> _TASK BRIEF_
Pictures stay out; everything else in the records gets transcribed exactly.

> _RECORDS TO PROCESS_
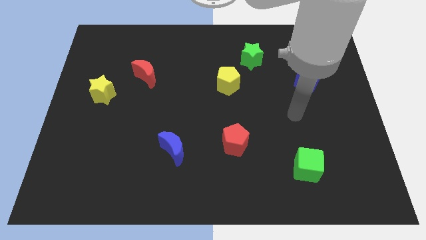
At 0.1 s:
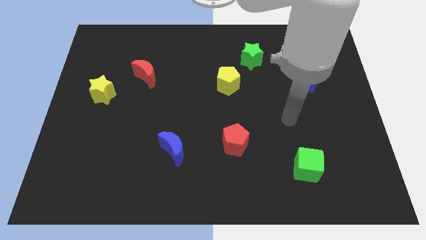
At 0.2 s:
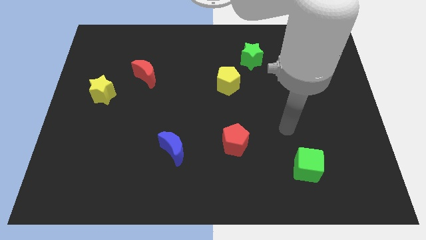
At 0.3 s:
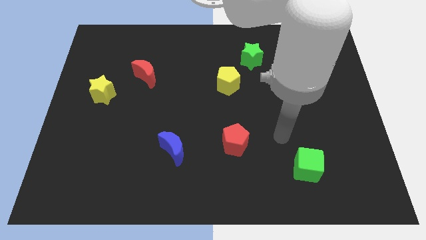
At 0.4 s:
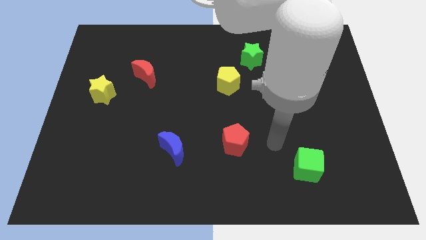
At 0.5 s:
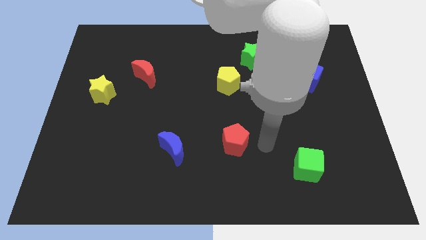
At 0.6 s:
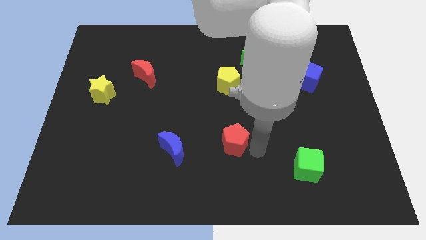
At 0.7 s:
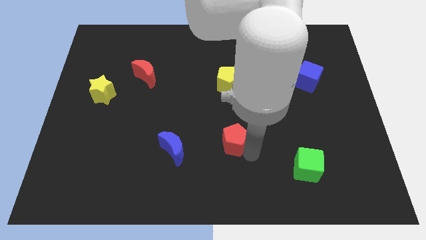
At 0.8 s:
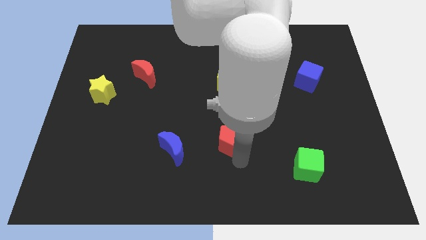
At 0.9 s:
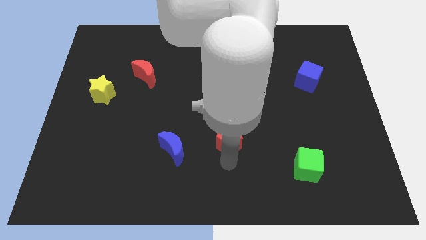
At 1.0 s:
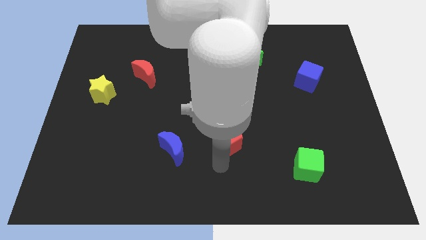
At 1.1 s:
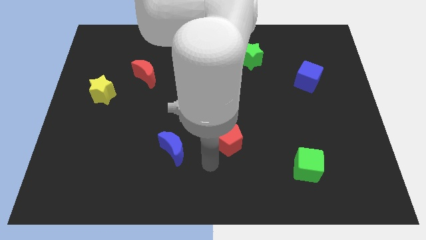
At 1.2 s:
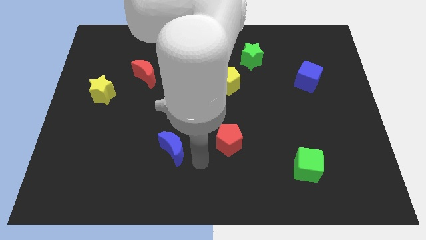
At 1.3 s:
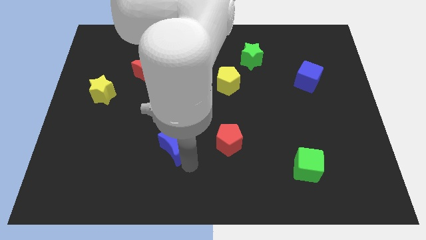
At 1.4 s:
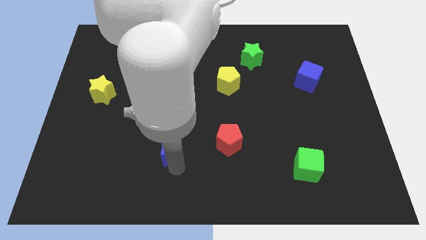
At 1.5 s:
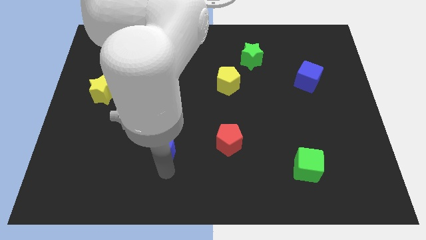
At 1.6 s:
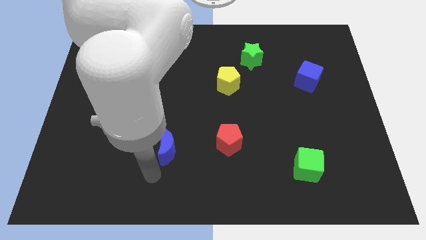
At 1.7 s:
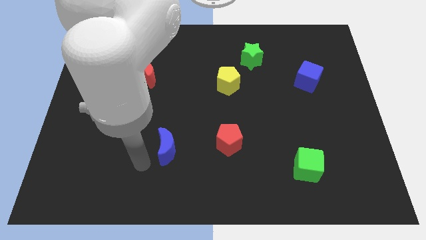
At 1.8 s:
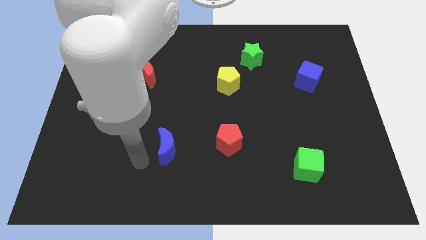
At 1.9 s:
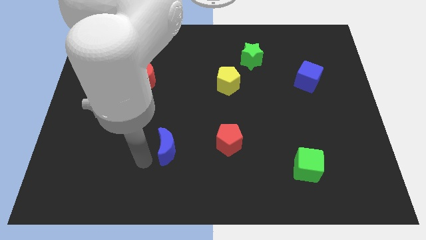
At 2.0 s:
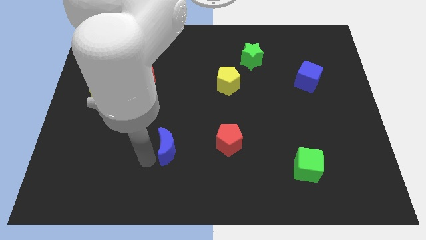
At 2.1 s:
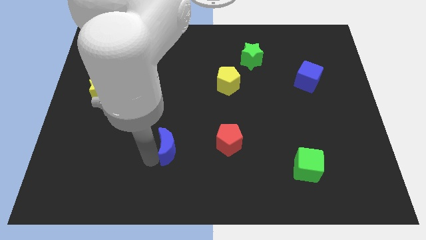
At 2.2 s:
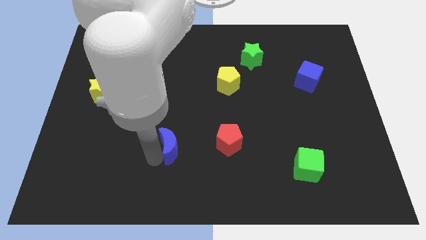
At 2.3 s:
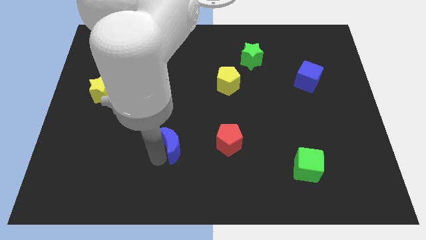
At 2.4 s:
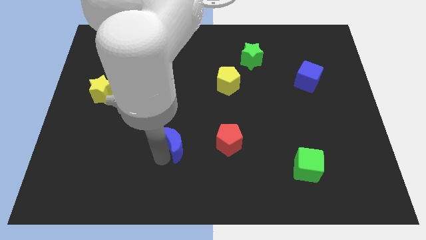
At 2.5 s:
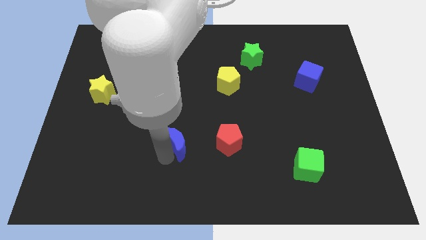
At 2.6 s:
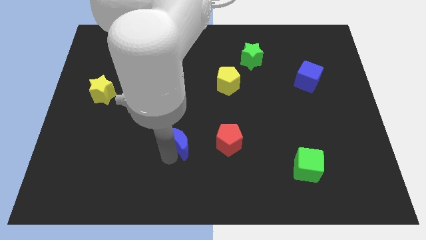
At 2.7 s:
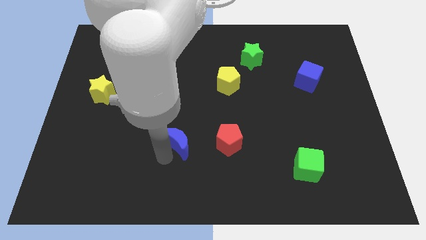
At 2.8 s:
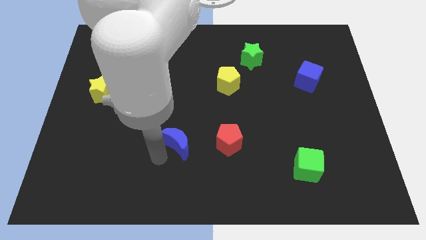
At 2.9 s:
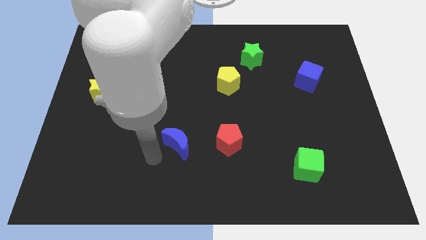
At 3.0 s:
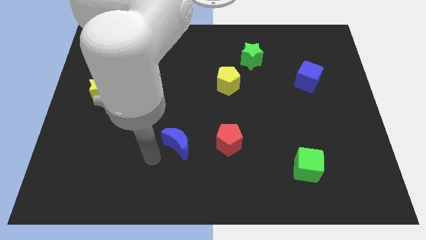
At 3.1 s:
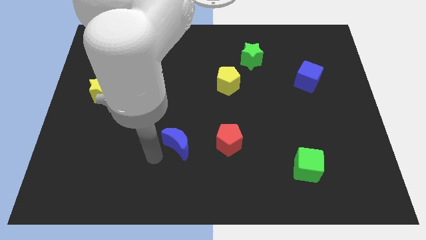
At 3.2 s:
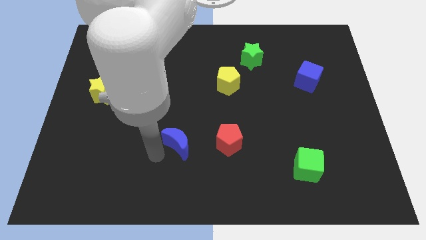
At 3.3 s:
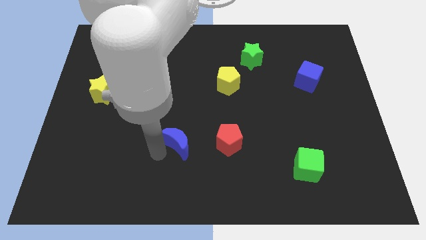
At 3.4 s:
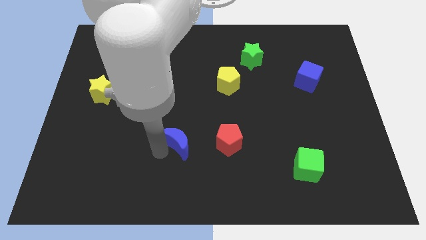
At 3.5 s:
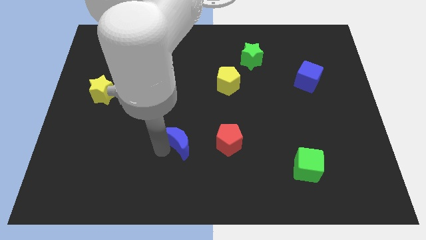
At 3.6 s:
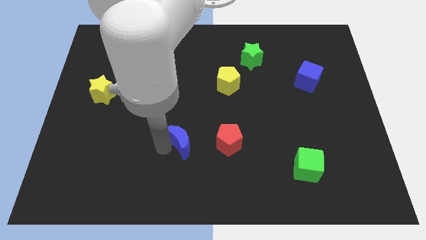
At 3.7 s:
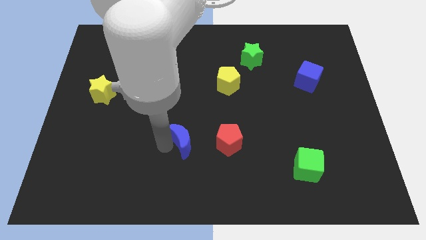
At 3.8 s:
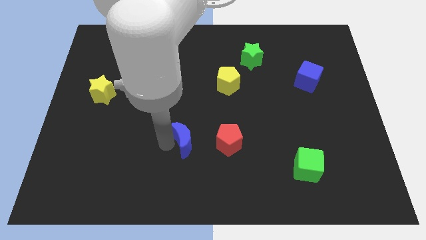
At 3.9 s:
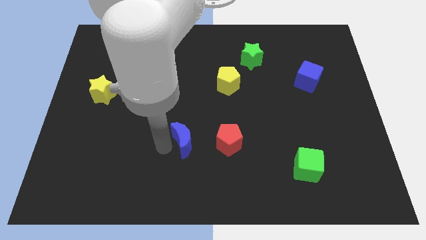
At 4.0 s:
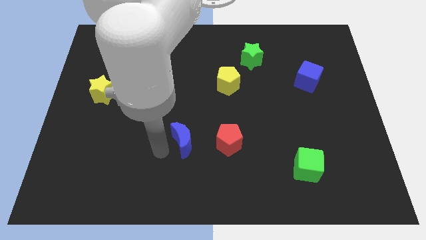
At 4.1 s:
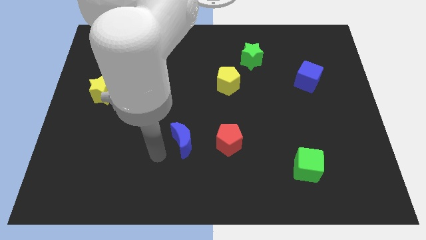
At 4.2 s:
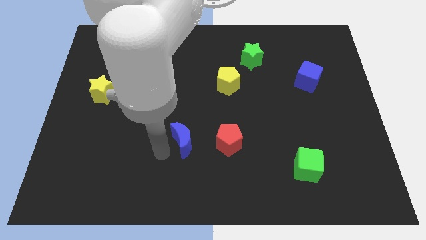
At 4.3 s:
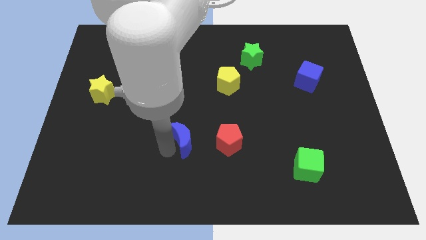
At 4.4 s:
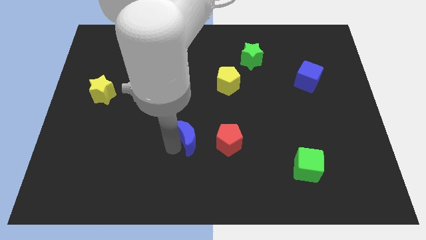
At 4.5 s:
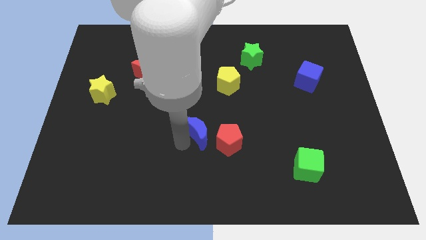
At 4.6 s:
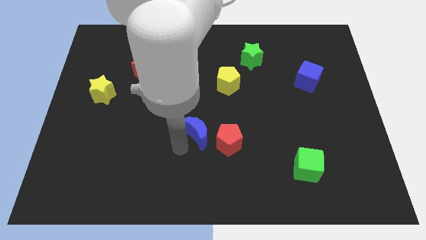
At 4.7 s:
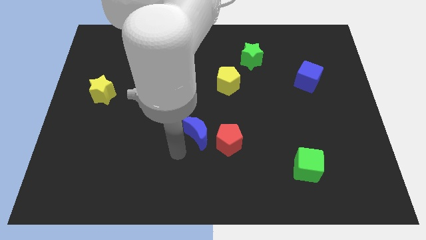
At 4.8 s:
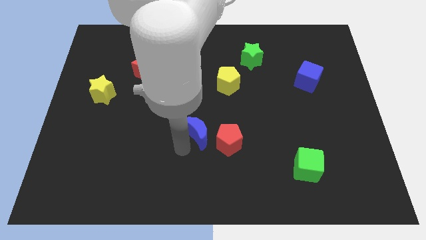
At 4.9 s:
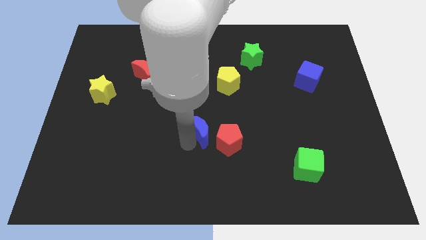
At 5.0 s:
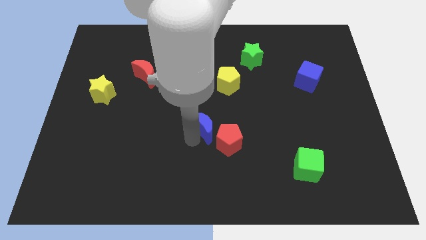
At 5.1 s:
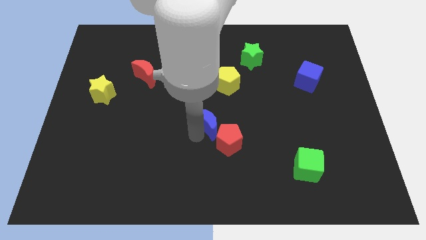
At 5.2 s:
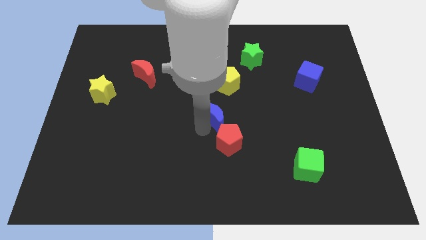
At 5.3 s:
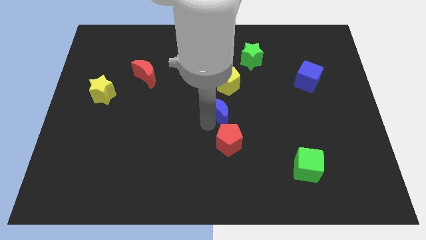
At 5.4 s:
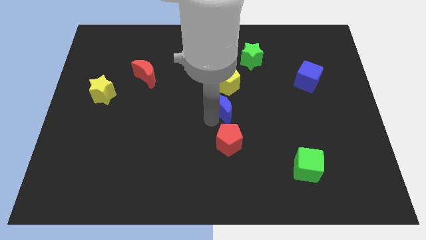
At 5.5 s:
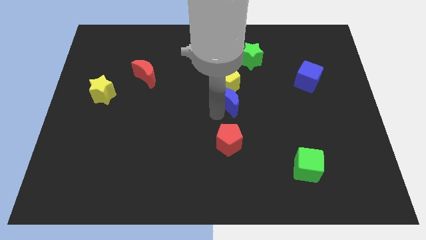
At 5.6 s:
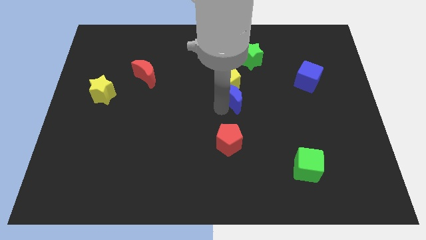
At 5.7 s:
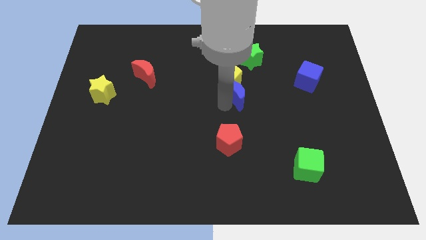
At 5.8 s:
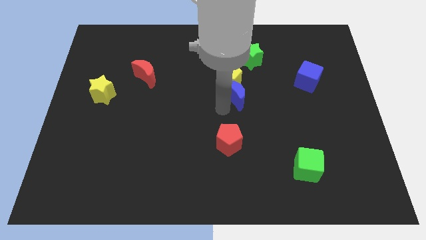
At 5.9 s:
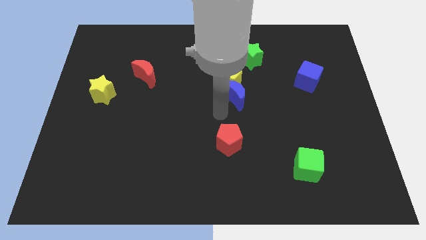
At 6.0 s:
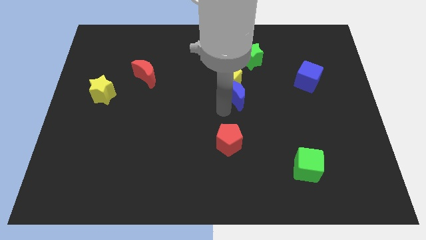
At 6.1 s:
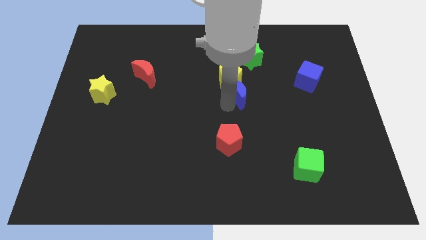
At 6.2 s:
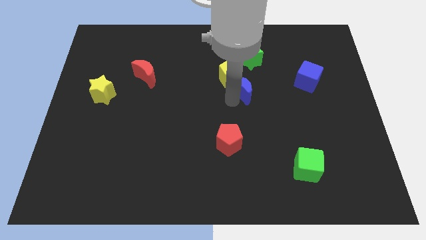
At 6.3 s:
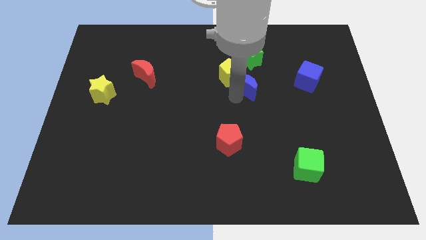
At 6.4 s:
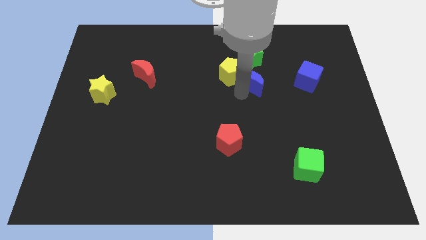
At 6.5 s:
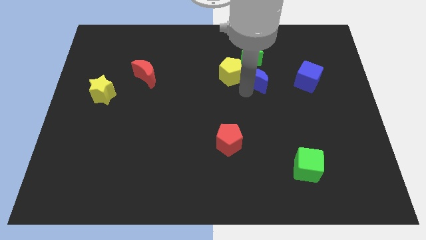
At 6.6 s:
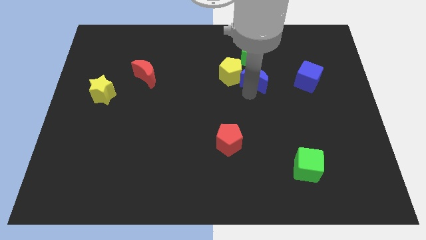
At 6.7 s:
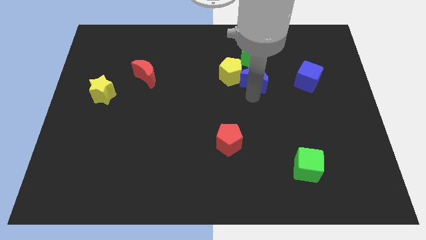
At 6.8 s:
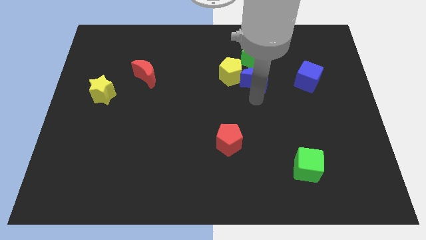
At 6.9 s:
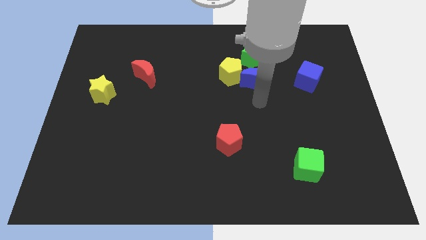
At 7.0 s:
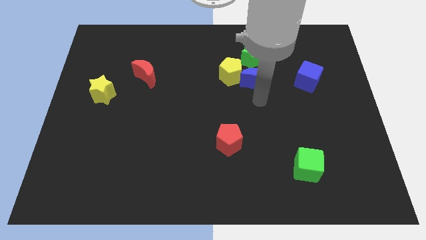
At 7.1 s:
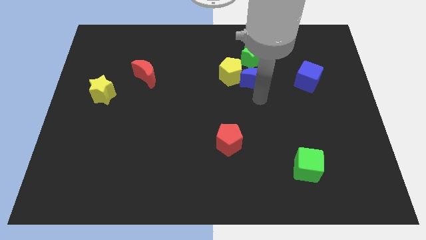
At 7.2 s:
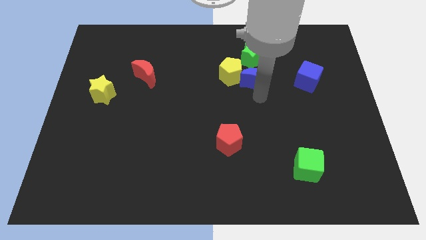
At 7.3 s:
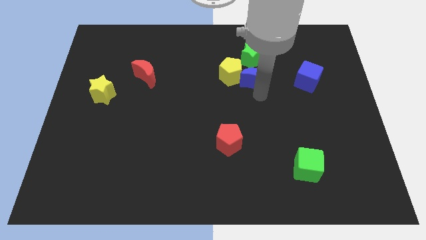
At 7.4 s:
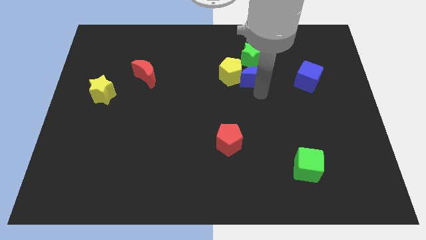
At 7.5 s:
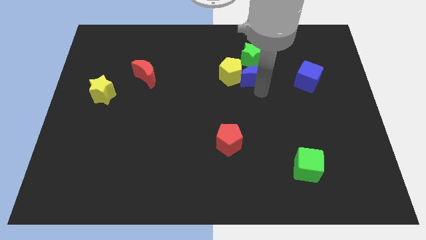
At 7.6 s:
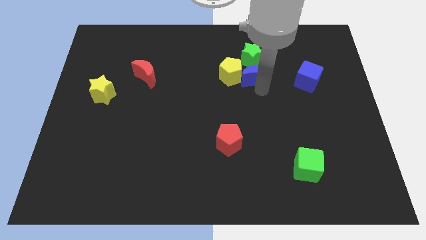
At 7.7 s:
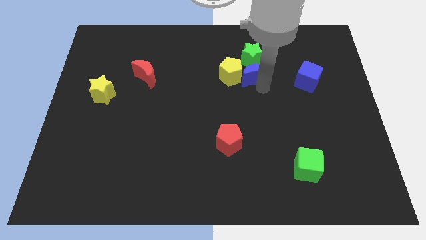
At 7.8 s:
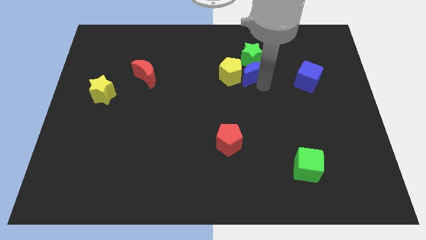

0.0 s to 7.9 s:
slide the blue moon close to the green star

> _FINAL ANSWER_
At 0.1 s:
At 0.2 s:
At 0.3 s:
At 0.4 s:
At 0.5 s:
At 0.6 s:
At 0.7 s:
At 0.8 s:
At 0.9 s:
At 1.0 s:
At 1.1 s:
At 1.2 s:
At 1.3 s:
At 1.4 s:
At 1.5 s:
At 1.6 s:
At 1.7 s:
At 1.8 s:
At 1.9 s:
At 2.0 s:
At 2.1 s:
At 2.2 s:
At 2.3 s:
At 2.4 s:
At 2.5 s:
At 2.6 s:
At 2.7 s:
At 2.8 s:
At 2.9 s:
At 3.0 s:
At 3.1 s:
At 3.2 s:
At 3.3 s:
At 3.4 s:
At 3.5 s:
At 3.6 s:
At 3.7 s:
At 3.8 s:
At 3.9 s:
At 4.0 s:
At 4.1 s:
At 4.2 s:
At 4.3 s:
At 4.4 s:
At 4.5 s:
At 4.6 s:
At 4.7 s:
At 4.8 s:
At 4.9 s:
At 5.0 s:
At 5.1 s:
At 5.2 s:
At 5.3 s:
At 5.4 s:
At 5.5 s:
At 5.6 s:
At 5.7 s:
At 5.8 s:
At 5.9 s:
At 6.0 s:
At 6.1 s:
At 6.2 s:
At 6.3 s:
At 6.4 s:
At 6.5 s:
At 6.6 s:
At 6.7 s:
At 6.8 s:
At 6.9 s:
At 7.0 s:
At 7.1 s:
At 7.2 s:
At 7.3 s:
At 7.4 s:
At 7.5 s:
At 7.6 s:
At 7.7 s:
At 7.8 s:

0.0 s to 7.9 s:
slide the blue moon close to the green star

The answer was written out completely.